Le Parti du Progrès et du Socialisme (PPS), héritier du mouvement communiste marocain, défend une gauche réformiste axée sur la justice sociale et la redistribution. Ses grandes figures sont Ali Yata, Ismaïl Alaoui et Nabil Benabdallah. Le PPS plaide pour l’école publique gratuite, la santé universelle et la protection du monde rural. Il prône un rôle fort de l’État dans la régulation économique et la lutte contre les inégalités.
L’Union Socialiste des Forces Populaires (USFP), issue du courant progressiste des années 1960, prône la social-démocratie, la gouvernance démocratique et la protection des libertés publiques. Ses figures historiques, Abderrahim Bouabid et Abderrahmane Youssoufi, ont marqué la transition démocratique. L’USFP milite pour la parité hommes-femmes, la réforme du service public, la formation universitaire et la redistribution équitable des richesses.
Le Mouvement Populaire (MP), centré sur la défense du monde rural et de la culture amazighe, soutient la décentralisation et la cohésion territoriale. Il a été fondé par Mahjoubi Aherdane et Mohand Laenser. Son orientation est conservatrice et nationaliste. Il défend l’enseignement de la langue amazighe, l’amélioration des services publics dans les zones rurales et la préservation de l’unité territoriale.
L’Union Constitutionnelle (UC), fondée par Maati Bouabid, représente un libéralisme modéré, favorable à l’économie de marché et à la stabilité politique. Elle soutient les réformes économiques, la simplification des procédures administratives et la modernisation du droit du travail.
À côté de ces grandes formations, le Maroc compte plusieurs petits partis, tels que le Parti Socialiste Unifié (PSU), le Front des Forces Démocratiques (FFD), le Mouvement Démocratique et Social (MDS), le Parti de la Renaissance et de la Vertu (PRV) ou encore le Parti Vert Marocain, axé sur l’écologie. Leur influence parlementaire reste faible, mais ils participent au pluralisme politique et animent le débat démocratique sur des thèmes spécifiques (libertés individuelles, environnement, économie locale, valeurs religieuses, etc.).
Ces partis se répartissent en quatre grands courants :
– le courant libéral et monarchique (RNI, PAM, UC)
– le courant national et conservateur (Istiqlal, MP)
– le courant social et progressiste (USFP, PPS)

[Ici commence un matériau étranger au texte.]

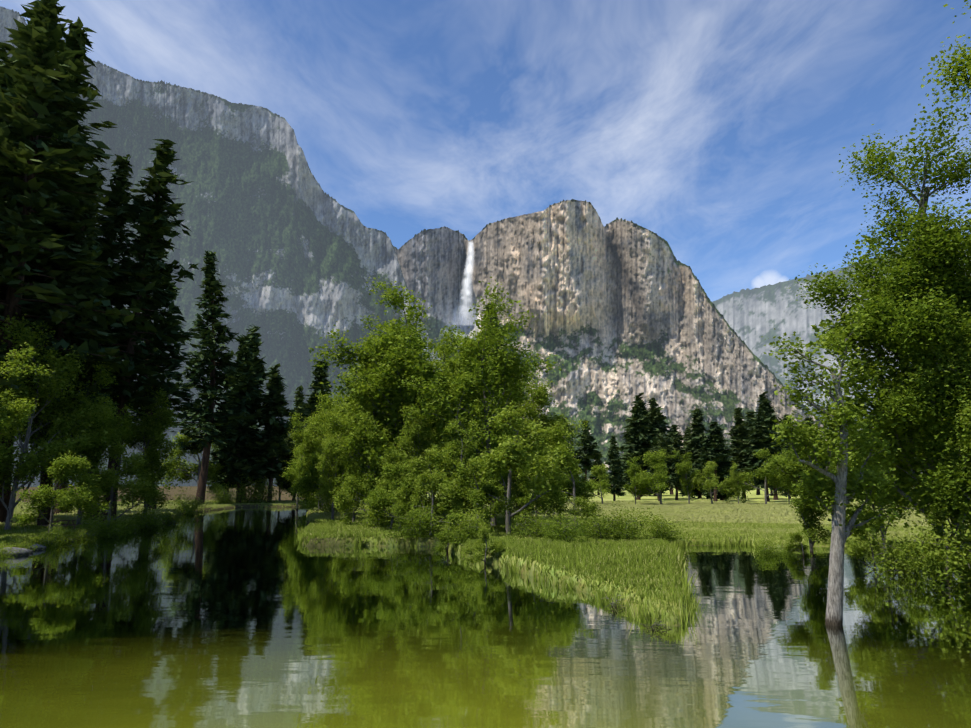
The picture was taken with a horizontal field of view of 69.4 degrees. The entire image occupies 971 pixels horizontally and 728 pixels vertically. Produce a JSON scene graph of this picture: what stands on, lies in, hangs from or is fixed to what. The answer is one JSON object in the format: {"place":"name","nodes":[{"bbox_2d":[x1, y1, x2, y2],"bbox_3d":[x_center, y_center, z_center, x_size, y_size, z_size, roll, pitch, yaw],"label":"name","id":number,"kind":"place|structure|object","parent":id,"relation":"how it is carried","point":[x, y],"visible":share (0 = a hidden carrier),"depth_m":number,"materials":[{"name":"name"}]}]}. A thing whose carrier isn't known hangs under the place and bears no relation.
{"place":"outdoors","nodes":[
{"label":"outdoors","id":0,"kind":"place"},
{"bbox_2d":[0,6,443,486],"bbox_3d":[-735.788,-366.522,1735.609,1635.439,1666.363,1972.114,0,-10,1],"label":"mountain wall","id":1,"kind":"structure","parent":0,"point":[302,256],"depth_m":2430.27,"materials":[{"name":"stone"}]},
{"bbox_2d":[4,486,923,625],"bbox_3d":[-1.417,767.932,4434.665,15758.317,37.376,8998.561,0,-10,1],"label":"ground sheet","id":2,"kind":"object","parent":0,"point":[752,497],"visible":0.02,"depth_m":44.04,"materials":[{"name":"green plant"}]},
{"bbox_2d":[0,341,53,461],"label":"alder","id":3,"kind":"object","parent":2,"relation":"on","point":[11,415],"visible":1,"depth_m":41.49,"materials":[{"name":"green plant"}]},
{"bbox_2d":[0,0,88,378],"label":"pine","id":4,"kind":"object","parent":2,"relation":"on","point":[7,83],"visible":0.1,"depth_m":61.00,"materials":[{"name":"green plant"}]},
{"bbox_2d":[31,519,75,548],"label":"shrub","id":5,"kind":"object","parent":2,"relation":"on","point":[50,543],"visible":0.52,"depth_m":42.33,"materials":[{"name":"green plant"}]},
{"bbox_2d":[0,17,117,522],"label":"pine","id":6,"kind":"object","parent":2,"relation":"on","point":[77,38],"visible":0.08,"depth_m":69.52,"materials":[{"name":"green plant"}]},
{"bbox_2d":[0,313,120,529],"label":"deciduous tree","id":7,"kind":"object","parent":2,"relation":"on","point":[28,464],"visible":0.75,"depth_m":53.60,"materials":[{"name":"green plant"}]},
{"bbox_2d":[10,449,115,533],"bbox_3d":[-27.346,8.485,45.722,5.442,5.998,4.126,-1,-10,3],"label":"alder","id":8,"kind":"object","parent":2,"relation":"on","point":[62,470],"visible":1,"depth_m":45.60,"materials":[{"name":"green plant"}]},
{"bbox_2d":[42,519,87,545],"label":"shrub","id":9,"kind":"object","parent":2,"relation":"on","point":[70,536],"visible":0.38,"depth_m":45.13,"materials":[{"name":"green plant"}]},
{"bbox_2d":[11,163,119,525],"bbox_3d":[-36.024,-2.009,59.467,9.936,31.791,10.526,2,-10,-15],"label":"pine","id":10,"kind":"object","parent":2,"relation":"on","point":[76,224],"visible":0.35,"depth_m":58.82,"materials":[{"name":"green plant"}]},
{"bbox_2d":[0,0,157,473],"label":"pine","id":11,"kind":"object","parent":2,"relation":"on","point":[43,82],"visible":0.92,"depth_m":56.72,"materials":[{"name":"green plant"}]},
{"bbox_2d":[34,361,138,526],"bbox_3d":[-32.348,6.526,56.482,7.006,13.584,7.865,2,-10,-10],"label":"deciduous tree","id":12,"kind":"object","parent":2,"relation":"on","point":[94,455],"visible":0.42,"depth_m":56.38,"materials":[{"name":"green plant"}]},
{"bbox_2d":[68,511,134,537],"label":"shrub","id":13,"kind":"object","parent":2,"relation":"on","point":[105,530],"visible":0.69,"depth_m":50.80,"materials":[{"name":"green plant"}]},
{"bbox_2d":[58,442,165,525],"bbox_3d":[-29.912,9.996,55.800,8.967,7.824,6.918,-5,-11,27],"label":"alder","id":14,"kind":"object","parent":2,"relation":"on","point":[137,489],"visible":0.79,"depth_m":55.66,"materials":[{"name":"green plant"}]},
{"bbox_2d":[70,154,155,518],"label":"pine","id":15,"kind":"object","parent":2,"relation":"on","point":[120,189],"visible":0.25,"depth_m":72.40,"materials":[{"name":"green plant"}]},
{"bbox_2d":[63,139,200,521],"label":"pine","id":16,"kind":"object","parent":2,"relation":"on","point":[150,216],"visible":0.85,"depth_m":67.22,"materials":[{"name":"green plant"}]},
{"bbox_2d":[111,387,182,518],"bbox_3d":[-31.218,8.305,65.248,7.182,13.532,5.688,-3,-10,16],"label":"alder","id":17,"kind":"object","parent":2,"relation":"on","point":[152,428],"visible":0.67,"depth_m":64.83,"materials":[{"name":"green plant"}]},
{"bbox_2d":[120,500,194,530],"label":"shrub","id":18,"kind":"object","parent":2,"relation":"on","point":[146,522],"visible":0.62,"depth_m":60.05,"materials":[{"name":"green plant"}]},
{"bbox_2d":[112,234,203,509],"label":"conifer tree","id":19,"kind":"object","parent":2,"relation":"on","point":[176,375],"visible":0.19,"depth_m":92.54,"materials":[{"name":"green plant"}]},
{"bbox_2d":[162,487,212,514],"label":"shrub","id":20,"kind":"object","parent":2,"relation":"on","point":[188,509],"visible":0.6,"depth_m":93.56,"materials":[{"name":"green plant"}]},
{"bbox_2d":[155,427,228,494],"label":"alder","id":21,"kind":"object","parent":2,"relation":"on","point":[186,473],"visible":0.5,"depth_m":132.88,"materials":[{"name":"green plant"}]},
{"bbox_2d":[170,250,248,503],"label":"conifer tree","id":22,"kind":"object","parent":2,"relation":"on","point":[208,424],"visible":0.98,"depth_m":132.04,"materials":[{"name":"green plant"}]},
{"bbox_2d":[201,335,275,502],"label":"conifer tree","id":23,"kind":"object","parent":2,"relation":"on","point":[233,458],"depth_m":138.89,"materials":[{"name":"green plant"}]},
{"bbox_2d":[210,324,269,500],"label":"tall fir","id":24,"kind":"object","parent":2,"relation":"on","point":[260,374],"visible":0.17,"depth_m":153.89,"materials":[{"name":"green plant"}]},
{"bbox_2d":[228,473,283,502],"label":"shrub","id":25,"kind":"object","parent":2,"relation":"on","point":[258,494],"visible":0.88,"depth_m":138.90,"materials":[{"name":"green plant"}]},
{"bbox_2d":[244,363,297,501],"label":"conifer tree","id":26,"kind":"object","parent":2,"relation":"on","point":[276,432],"depth_m":141.23,"materials":[{"name":"green plant"}]},
{"bbox_2d":[280,385,309,500],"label":"conifer tree","id":27,"kind":"object","parent":2,"relation":"on","point":[300,407],"depth_m":151.69,"materials":[{"name":"green plant"}]},
{"bbox_2d":[279,410,320,509],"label":"deciduous tree","id":28,"kind":"object","parent":2,"relation":"on","point":[297,465],"visible":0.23,"depth_m":115.13,"materials":[{"name":"green plant"}]},
{"bbox_2d":[283,451,337,511],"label":"deciduous tree","id":29,"kind":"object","parent":2,"relation":"on","point":[306,484],"depth_m":78.73,"materials":[{"name":"green plant"}]},
{"bbox_2d":[290,360,333,494],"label":"conifer tree","id":30,"kind":"object","parent":2,"relation":"on","point":[321,374],"depth_m":165.84,"materials":[{"name":"green plant"}]},
{"bbox_2d":[294,393,346,507],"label":"cottonwood","id":31,"kind":"object","parent":2,"relation":"on","point":[313,439],"visible":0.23,"depth_m":93.95,"materials":[{"name":"green plant"}]},
{"bbox_2d":[313,408,354,519],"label":"cottonwood","id":32,"kind":"object","parent":2,"relation":"on","point":[331,482],"visible":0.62,"depth_m":66.63,"materials":[{"name":"green plant"}]},
{"bbox_2d":[311,361,367,513],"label":"cottonwood","id":33,"kind":"object","parent":2,"relation":"on","point":[336,408],"visible":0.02,"depth_m":82.53,"materials":[{"name":"green plant"}]},
{"bbox_2d":[313,379,390,522],"bbox_3d":[-9.945,7.290,58.028,7.172,12.387,6.389,-6,-12,31],"label":"cottonwood","id":34,"kind":"object","parent":2,"relation":"on","point":[364,429],"visible":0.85,"depth_m":56.91,"materials":[{"name":"green plant"}]},
{"bbox_2d":[329,454,392,524],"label":"deciduous tree","id":35,"kind":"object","parent":2,"relation":"on","point":[342,498],"depth_m":55.12,"materials":[{"name":"green plant"}]},
{"bbox_2d":[345,498,398,528],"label":"willow bush","id":36,"kind":"object","parent":2,"relation":"on","point":[381,523],"visible":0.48,"depth_m":51.80,"materials":[{"name":"green plant"}]},
{"bbox_2d":[308,276,447,521],"bbox_3d":[-7.830,3.132,60.375,12.550,21.675,11.179,-4,-11,20],"label":"cottonwood","id":37,"kind":"object","parent":2,"relation":"on","point":[400,353],"visible":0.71,"depth_m":58.53,"materials":[{"name":"green plant"}]},
{"bbox_2d":[331,318,441,488],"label":"cottonwood","id":38,"kind":"object","parent":2,"relation":"on","point":[343,410],"visible":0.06,"depth_m":66.87,"materials":[{"name":"green plant"}]},
{"bbox_2d":[363,459,411,529],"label":"deciduous tree","id":39,"kind":"object","parent":2,"relation":"on","point":[378,498],"visible":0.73,"depth_m":49.84,"materials":[{"name":"green plant"}]},
{"bbox_2d":[357,312,438,506],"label":"cottonwood","id":40,"kind":"object","parent":2,"relation":"on","point":[370,323],"depth_m":73.79,"materials":[{"name":"green plant"}]},
{"bbox_2d":[370,499,445,537],"bbox_3d":[-4.568,9.772,43.868,4.956,2.612,4.843,8,-13,-39],"label":"willow bush","id":41,"kind":"object","parent":2,"relation":"on","point":[421,528],"visible":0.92,"depth_m":43.79,"materials":[{"name":"green plant"}]},
{"bbox_2d":[389,484,431,533],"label":"deciduous tree","id":42,"kind":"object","parent":2,"relation":"on","point":[401,506],"depth_m":45.03,"materials":[{"name":"green plant"}]},
{"bbox_2d":[376,403,451,499],"bbox_3d":[-5.501,7.672,54.479,4.320,10.277,5.454,-7,-12,35],"label":"cottonwood","id":43,"kind":"object","parent":2,"relation":"on","point":[415,436],"visible":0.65,"depth_m":54.19,"materials":[{"name":"green plant"}]},
{"bbox_2d":[405,467,463,534],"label":"deciduous tree","id":44,"kind":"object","parent":2,"relation":"on","point":[424,480],"depth_m":45.20,"materials":[{"name":"green plant"}]},
{"bbox_2d":[389,448,486,533],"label":"deciduous tree","id":45,"kind":"object","parent":2,"relation":"on","point":[432,456],"visible":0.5,"depth_m":46.08,"materials":[{"name":"green plant"}]},
{"bbox_2d":[417,355,485,469],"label":"cottonwood","id":46,"kind":"object","parent":2,"relation":"on","point":[453,364],"visible":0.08,"depth_m":65.98,"materials":[{"name":"green plant"}]},
{"bbox_2d":[431,508,472,553],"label":"deciduous tree","id":47,"kind":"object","parent":2,"relation":"on","point":[451,517],"depth_m":38.88,"materials":[{"name":"green plant"}]},
{"bbox_2d":[428,418,481,509],"bbox_3d":[-1.825,7.820,49.669,4.190,8.123,4.703,-3,-10,15],"label":"cottonwood","id":48,"kind":"object","parent":2,"relation":"on","point":[451,461],"visible":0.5,"depth_m":49.60,"materials":[{"name":"green plant"}]},
{"bbox_2d":[428,327,482,512],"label":"cottonwood","id":49,"kind":"object","parent":2,"relation":"on","point":[443,352],"visible":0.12,"depth_m":76.94,"materials":[{"name":"green plant"}]},
{"bbox_2d":[414,503,503,543],"bbox_3d":[-1.373,8.869,38.621,4.380,2.362,4.483,-9,-14,42],"label":"willow bush","id":50,"kind":"object","parent":2,"relation":"on","point":[469,523],"visible":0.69,"depth_m":38.55,"materials":[{"name":"green plant"}]},
{"bbox_2d":[436,457,515,535],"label":"deciduous tree","id":51,"kind":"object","parent":2,"relation":"on","point":[493,489],"depth_m":44.51,"materials":[{"name":"green plant"}]},
{"bbox_2d":[422,315,532,516],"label":"cottonwood","id":52,"kind":"object","parent":2,"relation":"on","point":[454,355],"visible":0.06,"depth_m":68.45,"materials":[{"name":"green plant"}]},
{"bbox_2d":[393,277,563,525],"bbox_3d":[-1.046,3.413,55.666,12.195,19.294,11.570,-9,-14,43],"label":"cottonwood","id":53,"kind":"object","parent":2,"relation":"on","point":[507,365],"visible":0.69,"depth_m":54.74,"materials":[{"name":"green plant"}]},
{"bbox_2d":[462,526,505,566],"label":"bush","id":54,"kind":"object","parent":2,"relation":"on","point":[483,531],"depth_m":32.93,"materials":[{"name":"green plant"}]},
{"bbox_2d":[465,446,529,529],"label":"tree","id":55,"kind":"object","parent":2,"relation":"on","point":[514,492],"depth_m":49.62,"materials":[{"name":"green plant"}]},
{"bbox_2d":[426,403,569,533],"bbox_3d":[1.098,6.920,44.883,9.985,8.712,7.703,-7,-12,33],"label":"cottonwood","id":56,"kind":"object","parent":2,"relation":"on","point":[511,456],"visible":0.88,"depth_m":44.22,"materials":[{"name":"green plant"}]},
{"bbox_2d":[487,418,538,526],"bbox_3d":[2.298,8.059,51.967,5.101,8.507,5.377,-6,-12,30],"label":"cottonwood","id":57,"kind":"object","parent":2,"relation":"on","point":[515,479],"visible":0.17,"depth_m":51.22,"materials":[{"name":"green plant"}]},
{"bbox_2d":[504,499,565,538],"bbox_3d":[3.093,9.118,41.010,3.674,2.531,3.653,5,-11,-26],"label":"willow bush","id":58,"kind":"object","parent":2,"relation":"on","point":[531,527],"visible":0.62,"depth_m":40.94,"materials":[{"name":"green plant"}]},
{"bbox_2d":[489,364,591,517],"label":"cottonwood","id":59,"kind":"object","parent":2,"relation":"on","point":[540,396],"visible":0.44,"depth_m":65.84,"materials":[{"name":"green plant"}]},
{"bbox_2d":[512,476,575,524],"bbox_3d":[4.055,9.252,47.471,4.270,4.706,3.237,-6,-12,31],"label":"bush","id":60,"kind":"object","parent":2,"relation":"on","point":[558,500],"depth_m":47.13,"materials":[{"name":"green plant"}]},
{"bbox_2d":[532,507,597,542],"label":"willow bush","id":61,"kind":"object","parent":2,"relation":"on","point":[567,536],"visible":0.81,"depth_m":38.74,"materials":[{"name":"green plant"}]},
{"bbox_2d":[530,439,600,528],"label":"tree","id":62,"kind":"object","parent":2,"relation":"on","point":[580,490],"visible":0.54,"depth_m":53.61,"materials":[{"name":"green plant"}]},
{"bbox_2d":[535,473,599,530],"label":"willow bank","id":63,"kind":"structure","parent":2,"relation":"on","point":[588,508],"depth_m":48.75,"materials":[{"name":"green plant"}]},
{"bbox_2d":[570,420,603,493],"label":"conifer tree","id":64,"kind":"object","parent":2,"relation":"on","point":[585,462],"depth_m":194.15,"materials":[{"name":"green plant"}]},
{"bbox_2d":[584,464,609,503],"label":"tree","id":65,"kind":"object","parent":2,"relation":"on","point":[599,471],"depth_m":137.37,"materials":[{"name":"green plant"}]},
{"bbox_2d":[575,496,633,539],"bbox_3d":[7.231,9.342,42.193,4.082,2.828,4.105,0,-10,-1],"label":"willow bush","id":66,"kind":"object","parent":2,"relation":"on","point":[595,533],"visible":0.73,"depth_m":41.80,"materials":[{"name":"green plant"}]},
{"bbox_2d":[599,435,630,500],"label":"conifer tree","id":67,"kind":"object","parent":2,"relation":"on","point":[616,467],"depth_m":161.34,"materials":[{"name":"green plant"}]},
{"bbox_2d":[592,503,661,540],"bbox_3d":[8.747,9.505,41.672,4.637,2.500,4.745,5,-11,-28],"label":"willow bush","id":68,"kind":"object","parent":2,"relation":"on","point":[634,531],"visible":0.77,"depth_m":41.84,"materials":[{"name":"green plant"}]},
{"bbox_2d":[622,456,648,503],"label":"tree","id":69,"kind":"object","parent":2,"relation":"on","point":[632,490],"depth_m":138.59,"materials":[{"name":"green plant"}]},
{"bbox_2d":[620,392,659,499],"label":"conifer tree","id":70,"kind":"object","parent":2,"relation":"on","point":[638,427],"depth_m":176.67,"materials":[{"name":"green plant"}]},
{"bbox_2d":[630,449,669,503],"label":"tree","id":71,"kind":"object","parent":2,"relation":"on","point":[655,461],"depth_m":136.34,"materials":[{"name":"green plant"}]},
{"bbox_2d":[645,397,673,498],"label":"conifer tree","id":72,"kind":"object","parent":2,"relation":"on","point":[655,416],"depth_m":192.95,"materials":[{"name":"green plant"}]},
{"bbox_2d":[638,508,691,539],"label":"willow bush","id":73,"kind":"object","parent":2,"relation":"on","point":[660,532],"visible":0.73,"depth_m":43.58,"materials":[{"name":"green plant"}]},
{"bbox_2d":[664,432,693,499],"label":"conifer tree","id":74,"kind":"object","parent":2,"relation":"on","point":[672,462],"depth_m":175.75,"materials":[{"name":"green plant"}]},
{"bbox_2d":[667,450,701,503],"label":"tree","id":75,"kind":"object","parent":2,"relation":"on","point":[684,466],"depth_m":138.87,"materials":[{"name":"green plant"}]},
{"bbox_2d":[674,407,713,498],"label":"conifer tree","id":76,"kind":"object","parent":2,"relation":"on","point":[694,445],"depth_m":191.22,"materials":[{"name":"green plant"}]},
{"bbox_2d":[689,461,732,503],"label":"tree","id":77,"kind":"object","parent":2,"relation":"on","point":[711,483],"depth_m":138.39,"materials":[{"name":"green plant"}]},
{"bbox_2d":[695,421,732,500],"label":"conifer tree","id":78,"kind":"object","parent":2,"relation":"on","point":[716,453],"depth_m":161.02,"materials":[{"name":"green plant"}]},
{"bbox_2d":[700,433,741,499],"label":"conifer tree","id":79,"kind":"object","parent":2,"relation":"on","point":[721,479],"depth_m":174.08,"materials":[{"name":"green plant"}]},
{"bbox_2d":[729,461,746,502],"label":"tree","id":80,"kind":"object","parent":2,"relation":"on","point":[737,478],"depth_m":138.38,"materials":[{"name":"green plant"}]},
{"bbox_2d":[722,407,759,498],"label":"conifer tree","id":81,"kind":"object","parent":2,"relation":"on","point":[739,432],"depth_m":191.98,"materials":[{"name":"green plant"}]},
{"bbox_2d":[726,447,792,503],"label":"tree","id":82,"kind":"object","parent":2,"relation":"on","point":[762,473],"depth_m":139.15,"materials":[{"name":"green plant"}]},
{"bbox_2d":[743,409,780,501],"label":"conifer tree","id":83,"kind":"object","parent":2,"relation":"on","point":[763,439],"depth_m":161.31,"materials":[{"name":"green plant"}]},
{"bbox_2d":[748,391,790,499],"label":"conifer tree","id":84,"kind":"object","parent":2,"relation":"on","point":[766,406],"depth_m":176.73,"materials":[{"name":"green plant"}]},
{"bbox_2d":[780,531,810,556],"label":"shrub","id":85,"kind":"object","parent":2,"relation":"on","point":[795,537],"visible":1,"depth_m":37.23,"materials":[{"name":"green plant"}]},
{"bbox_2d":[788,91,970,537],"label":"cottonwood","id":86,"kind":"object","parent":2,"relation":"on","point":[923,306],"visible":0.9,"depth_m":26.22,"materials":[{"name":"green plant"}]},
{"bbox_2d":[803,226,970,574],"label":"cottonwood","id":87,"kind":"object","parent":2,"relation":"on","point":[873,374],"visible":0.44,"depth_m":29.10,"materials":[{"name":"green plant"}]},
{"bbox_2d":[852,428,970,565],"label":"cottonwood","id":88,"kind":"object","parent":2,"relation":"on","point":[896,498],"visible":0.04,"depth_m":32.24,"materials":[{"name":"green plant"}]},
{"bbox_2d":[902,338,970,458],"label":"cottonwood","id":89,"kind":"object","parent":2,"relation":"on","point":[967,408],"visible":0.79,"depth_m":24.74,"materials":[{"name":"green plant"}]},
{"bbox_2d":[920,0,970,383],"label":"cottonwood","id":90,"kind":"object","parent":2,"relation":"on","point":[962,76],"visible":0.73,"depth_m":28.55,"materials":[{"name":"green plant"}]},
{"bbox_2d":[0,499,966,526],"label":"grass","id":91,"kind":"structure","parent":0,"point":[781,511],"depth_m":90.10,"materials":[{"name":"green plant"}]},
{"bbox_2d":[0,515,969,624],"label":"grass","id":92,"kind":"structure","parent":0,"point":[614,556],"depth_m":36.95,"materials":[{"name":"green plant"}]},
{"bbox_2d":[0,507,970,727],"bbox_3d":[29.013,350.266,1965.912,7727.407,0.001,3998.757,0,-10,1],"label":"river water","id":93,"kind":"structure","parent":0,"point":[251,617],"depth_m":16.43,"materials":[{"name":"green liquid"}]},
{"bbox_2d":[205,480,247,504],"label":"shrub","id":94,"kind":"object","parent":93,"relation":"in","point":[221,498],"visible":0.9,"depth_m":130.43,"materials":[{"name":"green plant"}]},
{"bbox_2d":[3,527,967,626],"bbox_3d":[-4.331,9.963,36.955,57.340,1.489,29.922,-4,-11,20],"label":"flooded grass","id":95,"kind":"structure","parent":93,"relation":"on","point":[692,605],"depth_m":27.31,"materials":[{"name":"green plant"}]},
{"bbox_2d":[750,535,799,556],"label":"shrub","id":96,"kind":"object","parent":93,"relation":"in","point":[766,552],"visible":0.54,"depth_m":37.56,"materials":[{"name":"green plant"}]},
{"bbox_2d":[764,422,831,553],"bbox_3d":[17.926,6.963,39.047,3.346,7.961,4.225,2,-10,-10],"label":"tree","id":97,"kind":"object","parent":93,"relation":"in","point":[808,517],"visible":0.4,"depth_m":38.51,"materials":[{"name":"green plant"}]},
{"bbox_2d":[762,306,913,625],"bbox_3d":[9.805,3.038,19.156,4.216,9.243,2.863,8,-13,-37],"label":"leaning tree","id":98,"kind":"object","parent":93,"relation":"in","point":[838,491],"visible":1,"depth_m":18.96,"materials":[{"name":"green plant"}]},
{"bbox_2d":[830,397,914,552],"bbox_3d":[21.098,6.197,38.043,4.724,9.160,5.303,-5,-11,26],"label":"tree","id":99,"kind":"object","parent":93,"relation":"in","point":[873,505],"visible":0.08,"depth_m":37.13,"materials":[{"name":"green plant"}]},
{"bbox_2d":[845,522,911,572],"bbox_3d":[17.249,8.199,30.953,2.375,2.686,3.078,9,-13,-40],"label":"shrub","id":100,"kind":"object","parent":93,"relation":"in","point":[857,553],"visible":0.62,"depth_m":30.98,"materials":[{"name":"green plant"}]},
{"bbox_2d":[851,514,963,576],"bbox_3d":[17.931,7.821,29.612,4.438,3.058,4.413,-4,-11,23],"label":"shrub","id":101,"kind":"object","parent":93,"relation":"in","point":[889,568],"visible":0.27,"depth_m":29.89,"materials":[{"name":"green plant"}]},
{"bbox_2d":[880,507,970,588],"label":"shrub","id":102,"kind":"object","parent":93,"relation":"in","point":[962,552],"visible":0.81,"depth_m":25.85,"materials":[{"name":"green plant"}]},
{"bbox_2d":[895,508,970,582],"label":"shrub","id":103,"kind":"object","parent":93,"relation":"in","point":[932,563],"visible":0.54,"depth_m":27.30,"materials":[{"name":"green plant"}]},
{"bbox_2d":[0,0,970,301],"label":"sky","id":104,"kind":"structure","parent":0,"point":[720,129],"materials":[{"name":"blue"}]},
{"bbox_2d":[394,199,833,485],"bbox_3d":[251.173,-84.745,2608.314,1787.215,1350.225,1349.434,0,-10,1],"label":"cliff","id":105,"kind":"structure","parent":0,"point":[626,311],"depth_m":2755.01,"materials":[{"name":"stone"}]},
{"bbox_2d":[452,241,478,324],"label":"yosemite falls","id":106,"kind":"structure","parent":105,"relation":"on","point":[469,267],"depth_m":2392.64,"materials":[{"name":"white liquid"}]},
{"bbox_2d":[711,250,967,428],"bbox_3d":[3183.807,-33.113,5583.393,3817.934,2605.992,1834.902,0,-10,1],"label":"mountain ridge","id":107,"kind":"structure","parent":0,"point":[752,317],"depth_m":6264.36,"materials":[{"name":"stone"}]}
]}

– le courant islamiste modéré (PJD).
Tous reconnaissent la monarchie comme le pilier central du système politique marocain. Les débats se concentrent donc sur les politiques publiques, les priorités économiques et les questions sociales plutôt que sur la légitimité du régime.
Une fois les lois votées par le Parlement, elles sont soumises au Roi pour promulgation. La promulgation est l’acte par lequel le Souverain confirme officiellement la loi adoptée et ordonne sa publication. Cette publication se fait au Bulletin Officiel du Royaume du Maroc, seule version juridiquement opposable. C’est à partir de cette publication que la loi entre en vigueur, selon la date fixée dans son texte ou, à défaut, trente jours après sa publication. Ce mécanisme garantit que chaque texte législatif ait force obligatoire, tout en assurant la transparence et la traçabilité du processus.
Le modèle marocain repose sur une complémentarité : la monarchie fixe les orientations et garantit la stabilité, tandis que les institutions élues assurent la gestion et la représentation. Ce système a permis au Royaume de progresser sans rupture, de réformer sans désordre et de maintenir la cohésion nationale dans un contexte mondial instable. La politique marocaine s’appuie sur la réforme continue, la concertation et l’équilibre, dans le respect de l’identité du Royaume et de son héritage historique.